# Wie fair ist der Object Wait-Pool?



## osion (7. Nov 2022)

Hallo

Ich hätte gesagt unconditionally fair, aber das scheint nicht richtig zu sein.


----------



## Ullenboom (14. Nov 2022)

Nicht spezifiziert. Siehe Spezifikation https://docs.oracle.com/javase/specs/jls/se19/html/jls-17.html#jls-17.2.2:



> There is no guarantee about which thread in the wait set is selected. This removal from the wait set enables _u_'s resumption in a wait action. Notice, however, that _u_'s lock actions upon resumption cannot succeed until some time after _t_ fully unlocks the monitor for _m_.

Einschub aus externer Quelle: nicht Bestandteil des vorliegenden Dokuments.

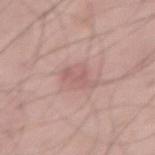Imaged during a routine full-body skin examination; the lesion was not biopsied and no histopathology is available.
A 15 mm crop from a total-body photograph taken for skin-cancer surveillance.
Located on the abdomen.
A male patient, aged 53–57.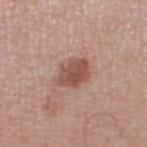{
  "biopsy_status": "not biopsied; imaged during a skin examination",
  "lighting": "white-light",
  "automated_metrics": {
    "cielab_L": 51,
    "cielab_a": 22,
    "cielab_b": 25,
    "vs_skin_darker_L": 12.0,
    "vs_skin_contrast_norm": 8.5,
    "color_variation_0_10": 3.0,
    "peripheral_color_asymmetry": 1.0,
    "nevus_likeness_0_100": 45,
    "lesion_detection_confidence_0_100": 100
  },
  "lesion_size": {
    "long_diameter_mm_approx": 4.0
  },
  "patient": {
    "sex": "male",
    "age_approx": 70
  },
  "image": {
    "source": "total-body photography crop",
    "field_of_view_mm": 15
  },
  "site": "leg"
}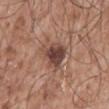Clinical impression: The lesion was tiled from a total-body skin photograph and was not biopsied. Background: A male subject in their mid- to late 50s. The lesion is on the mid back. A close-up tile cropped from a whole-body skin photograph, about 15 mm across. The total-body-photography lesion software estimated a lesion area of about 10 mm² and a shape eccentricity near 0.7. The software also gave an average lesion color of about L≈44 a*≈20 b*≈24 (CIELAB) and a normalized lesion–skin contrast near 9.5. And it measured a border-irregularity rating of about 3.5/10 and a within-lesion color-variation index near 5.5/10. It also reported a lesion-detection confidence of about 100/100. The recorded lesion diameter is about 4.5 mm.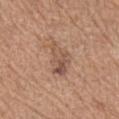The lesion was tiled from a total-body skin photograph and was not biopsied. A region of skin cropped from a whole-body photographic capture, roughly 15 mm wide. The total-body-photography lesion software estimated a color-variation rating of about 6/10. The software also gave an automated nevus-likeness rating near 15 out of 100. The patient is a female about 55 years old. The recorded lesion diameter is about 4.5 mm. Imaged with white-light lighting. Located on the left forearm.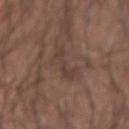workup = imaged on a skin check; not biopsied | anatomic site = the left forearm | patient = male, aged around 35 | imaging modality = 15 mm crop, total-body photography.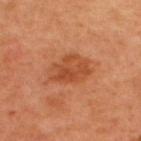The tile uses cross-polarized illumination. Measured at roughly 5 mm in maximum diameter. The subject is a male roughly 50 years of age. The lesion is on the upper back. An algorithmic analysis of the crop reported a border-irregularity index near 2/10. A close-up tile cropped from a whole-body skin photograph, about 15 mm across.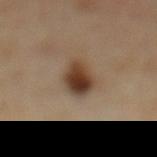The lesion was photographed on a routine skin check and not biopsied; there is no pathology result.
Located on the mid back.
A male subject aged 63 to 67.
A lesion tile, about 15 mm wide, cut from a 3D total-body photograph.
The tile uses cross-polarized illumination.
An algorithmic analysis of the crop reported a classifier nevus-likeness of about 100/100 and a lesion-detection confidence of about 100/100.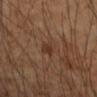Background:
This image is a 15 mm lesion crop taken from a total-body photograph. The subject is a female approximately 45 years of age. Captured under cross-polarized illumination. About 3 mm across. Located on the right upper arm.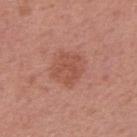The lesion was photographed on a routine skin check and not biopsied; there is no pathology result.
From the right upper arm.
A female patient, aged 48 to 52.
A 15 mm crop from a total-body photograph taken for skin-cancer surveillance.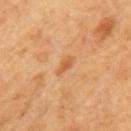* biopsy status · no biopsy performed (imaged during a skin exam)
* tile lighting · cross-polarized illumination
* patient · male, aged approximately 65
* image · 15 mm crop, total-body photography
* anatomic site · the mid back
* size · ≈2.5 mm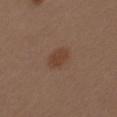biopsy status — total-body-photography surveillance lesion; no biopsy | patient — female, in their 40s | image — total-body-photography crop, ~15 mm field of view | size — ~3 mm (longest diameter) | illumination — white-light illumination | image-analysis metrics — a lesion area of about 5 mm² and a shape eccentricity near 0.75; a lesion–skin lightness drop of about 7 and a normalized border contrast of about 6.5; a classifier nevus-likeness of about 90/100 and lesion-presence confidence of about 100/100 | body site — the left upper arm.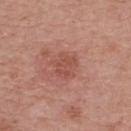Q: Is there a histopathology result?
A: total-body-photography surveillance lesion; no biopsy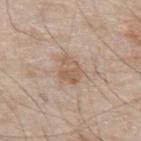Findings:
* notes: catalogued during a skin exam; not biopsied
* size: ~3 mm (longest diameter)
* body site: the abdomen
* patient: male, approximately 80 years of age
* image source: ~15 mm crop, total-body skin-cancer survey
* tile lighting: white-light illumination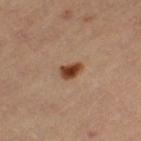Recorded during total-body skin imaging; not selected for excision or biopsy.
A female subject about 45 years old.
The lesion is on the left thigh.
Captured under cross-polarized illumination.
This image is a 15 mm lesion crop taken from a total-body photograph.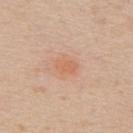<lesion>
<biopsy_status>not biopsied; imaged during a skin examination</biopsy_status>
<patient>
  <sex>male</sex>
  <age_approx>60</age_approx>
</patient>
<site>upper back</site>
<image>
  <source>total-body photography crop</source>
  <field_of_view_mm>15</field_of_view_mm>
</image>
<lighting>white-light</lighting>
</lesion>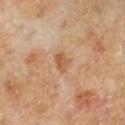Image and clinical context:
Cropped from a whole-body photographic skin survey; the tile spans about 15 mm. Automated tile analysis of the lesion measured a peripheral color-asymmetry measure near 1. Captured under cross-polarized illumination. A male patient approximately 65 years of age. The lesion is located on the leg.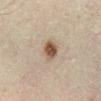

Das ist einer der Gründe für ReentrantLock(boolean fair), wo man es explizit bestimmen kann.


----------



## osion (14. Nov 2022)

Ullenboom hat gesagt.:


> Nicht spezifiziert. Siehe Spezifikation https://docs.oracle.com/javase/specs/jls/se19/html/jls-17.html#jls-17.2.2:
> 
> 
> Das ist einer der Gründe für ReentrantLock(boolean fair), wo man es explizit bestimmen kann.


Danke...stimmt die Antwort war richtig.


----------